A couple of days ago the Wall Street Journal reported that there are rumors of Snap Inc. going public, probably by late March 2017 and the company has just chosen its book runners leaders: Morgan Stanley and Goldman Sachs. If this turns out to be the case, the parent company Snap Inc. could then be valued at $25 billion and become one of the largest IPO technology companies.
The latest two big IPO Internet companies are: Alibaba Group Holding Ltd in 2014, which so far has been the biggest IPO of all times by raising 25$ billion at a valuation of $168 billion and Facebook in 2012, of a total offering size of $ 16 billion with a value of $104.2 billion.
This would mean a significant change for Snapchat, after deciding that it was time to shift from Unicorn phase to public company.
The camera app has rapidly grown since it was launched in September, 2011, in the living room of the father of CEO Evan Spiegel. Originally Snapchat was Spiegel’s final work for a product design class in Stanford. His basic idea was to create an app to share spontaneous and funny photos in a safe way, something that was missing in the digital world. He and his friend Bobby Murphy noted this lack in the market. During the years they continued developing it, increasing its “features”, such as adding new lenses (animated overlays), allowing the possibility of creating your own story and introducing geostickers and geofilters (decorations connected to specific locations).
Initially the startup was a no-revenue company since it did not sell ads or in-app purchases nor charge users for the download. As its popularity grew however, venture capitalists saw the potential source of revenues of a long term investment in a Web company.
In May of 2012 Snapchat received $485K of seed funding from VC firm Lightspeed Venture Partners. After that, in February, 2013, Benchmark Capital led a $13.5M round of Series A funding. During the years that followed the startup kept raising capital until its last F round funding in May, 2016, in which it raised $1.8 million at a “flat valuation” of $16B.
Current investors are: Alibaba, Benchmark, Coatue Management, Dragoneer Investment Group, Fidelity Investments, GenBeral Catalyst Partners, Glade Brook Capital Partners, Institutional Venture Partners, Kleiner Perkins Caufield & Byers, Lightspeed Venture Partners, Meritech Capital Partners, Sequoia Capital, Spark Capital, SV Angel, Tencent Holdings, Yahoo, York Capital Management.
The latest two big IPO Internet companies are: Alibaba Group Holding Ltd in 2014, which so far has been the biggest IPO of all times by raising 25$ billion at a valuation of $168 billion and Facebook in 2012, of a total offering size of $ 16 billion with a value of $104.2 billion.
This would mean a significant change for Snapchat, after deciding that it was time to shift from Unicorn phase to public company.
The camera app has rapidly grown since it was launched in September, 2011, in the living room of the father of CEO Evan Spiegel.
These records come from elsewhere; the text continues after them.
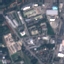
Label: Industrial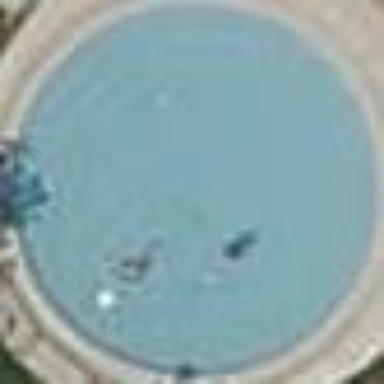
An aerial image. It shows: Swimming pool located in leisure land.
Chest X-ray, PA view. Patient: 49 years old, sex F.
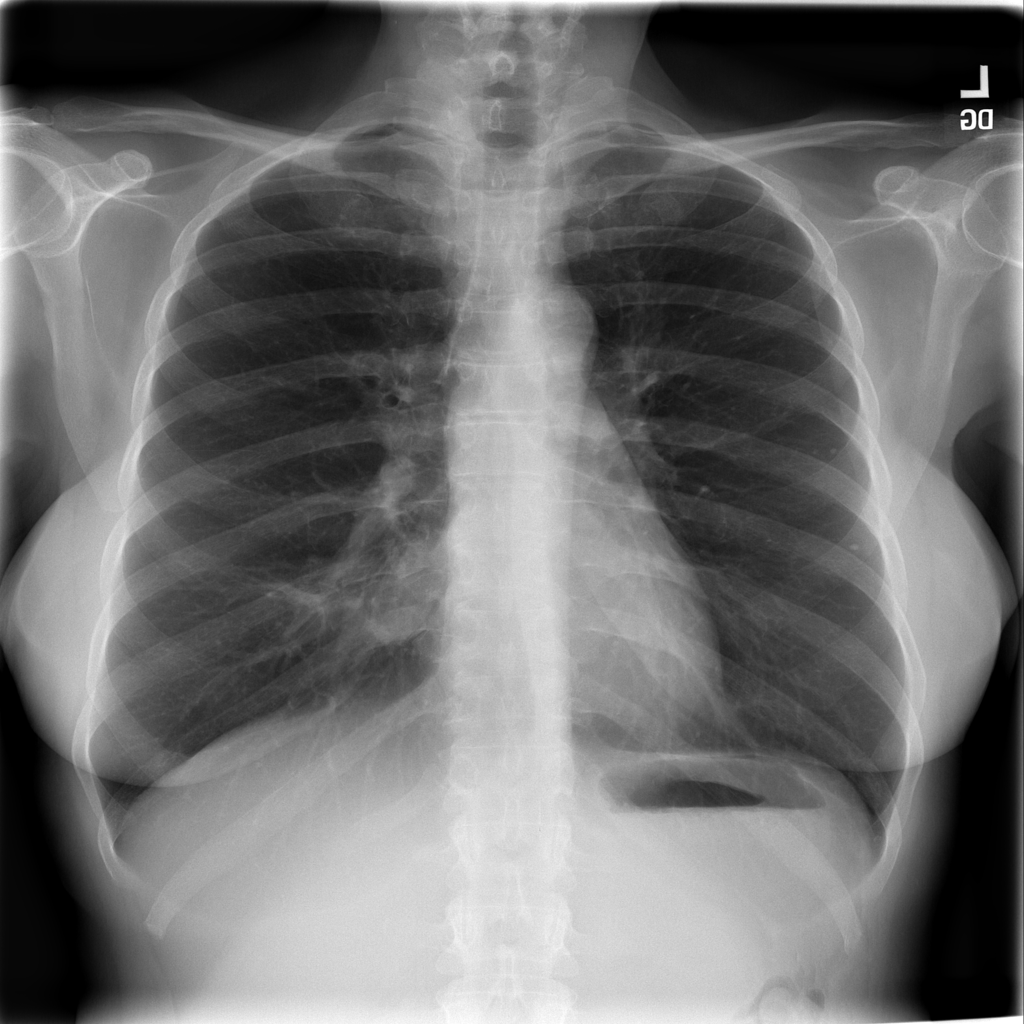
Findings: No Finding

Originally Snapchat was Spiegel’s final work for a product design class in Stanford. His basic idea was to create an app to share spontaneous and funny photos in a safe way, something that was missing in the digital world. He and his friend Bobby Murphy noted this lack in the market. During the years they continued developing it, increasing its “features”, such as adding new lenses (animated overlays), allowing the possibility of creating your own story and introducing geostickers and geofilters (decorations connected to specific locations).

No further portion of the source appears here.